We aimed to assess the diagnostic accuracy of the
5.07/10 g monofilament test in patients referred to
polyneuropathy assessments, as well as to examine how
disease severity, age, sex and neuropathic pain (NP)
impact diagnostic accuracy.
Research design and methods Five Norwegian
university hospitals recruited patients with diabetes aged
18–70 referred to neurological outpatient clinics for
polyneuropathy assessments. The 5.07/10 g Semmes-
Weinstein monofilament examination (SWME) was
validated against the Toronto consensus for diagnosing
diabetic neuropathies; the results were stratified by age,
sex and NP. Disease severity was graded by a combined
nerve conduction study (NCS) Z-score, and logistic
regression was applied to assess whether disease
severity was a predictor of diagnostic accuracy.

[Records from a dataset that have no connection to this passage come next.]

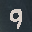
Label: 9
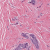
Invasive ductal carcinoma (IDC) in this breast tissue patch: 1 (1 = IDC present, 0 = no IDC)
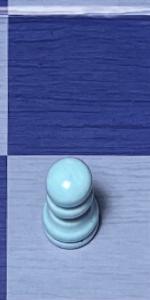
Label: Pawn_White
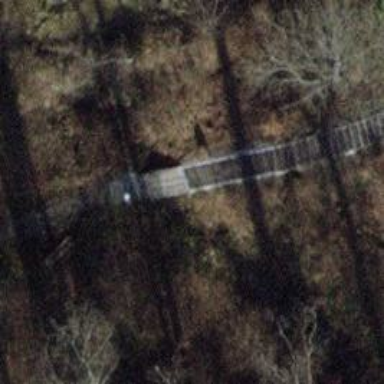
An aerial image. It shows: Footway bridge with concrete surface.
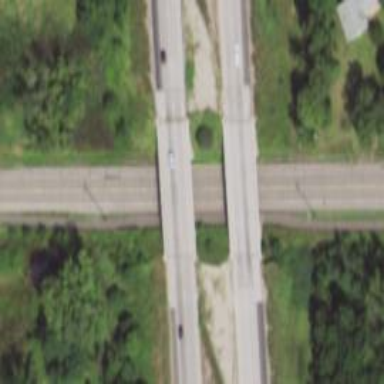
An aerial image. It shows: Motorway bridge.
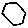
Label: hexagon
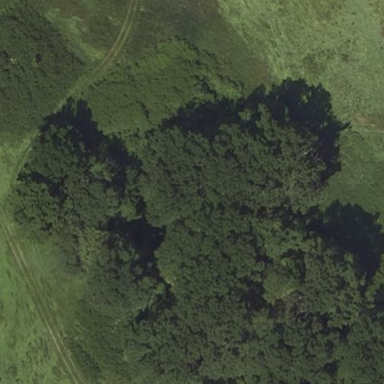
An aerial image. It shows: Woodland consisting of broadleaved trees.
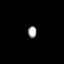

Results In total, 506 patients were included in the
study. Global sensitivity was 0.60 (95% CI 0.55, 0.66),
specificity 0.82 (95% CI 0.75, 0.87), positive and
negative predictive values were 0.86 (95% CI 0.81,
0.90) and 0.52 (95% CI 0.46, 0.58), respectively, positive
and negative likelihood ratios were 3.28 (95% CI 2.37,
4.53) and 0.49 (95% CI 0.42, 0.57), respectively. The
SWME was less sensitive in females (0.43), had lower
specificity in patients with NP (0.56), and performed
worse in patients ≥50 years. NCS-based disease severity
did not affect diagnostic accuracy (OR 1.15, 95% CI
0.95, 1.40).
Conclusions This multicenter study demonstrates
poor diagnostic performance for the 5.07/10 g SWME
in patients with diabetes referred to polyneuropathy
assessments; it is particularly unsuited for female
patients and those with NP. The diagnostic accuracy of
the SWME was not influenced by NCS-based disease
severity, demonstrating that it does not perform better in
patients with later stages of DPN. We do not recommend
the use of the 5.07/10 g monofilament in the evaluation
of patients with diabetes referred to polyneuropathy
assessments.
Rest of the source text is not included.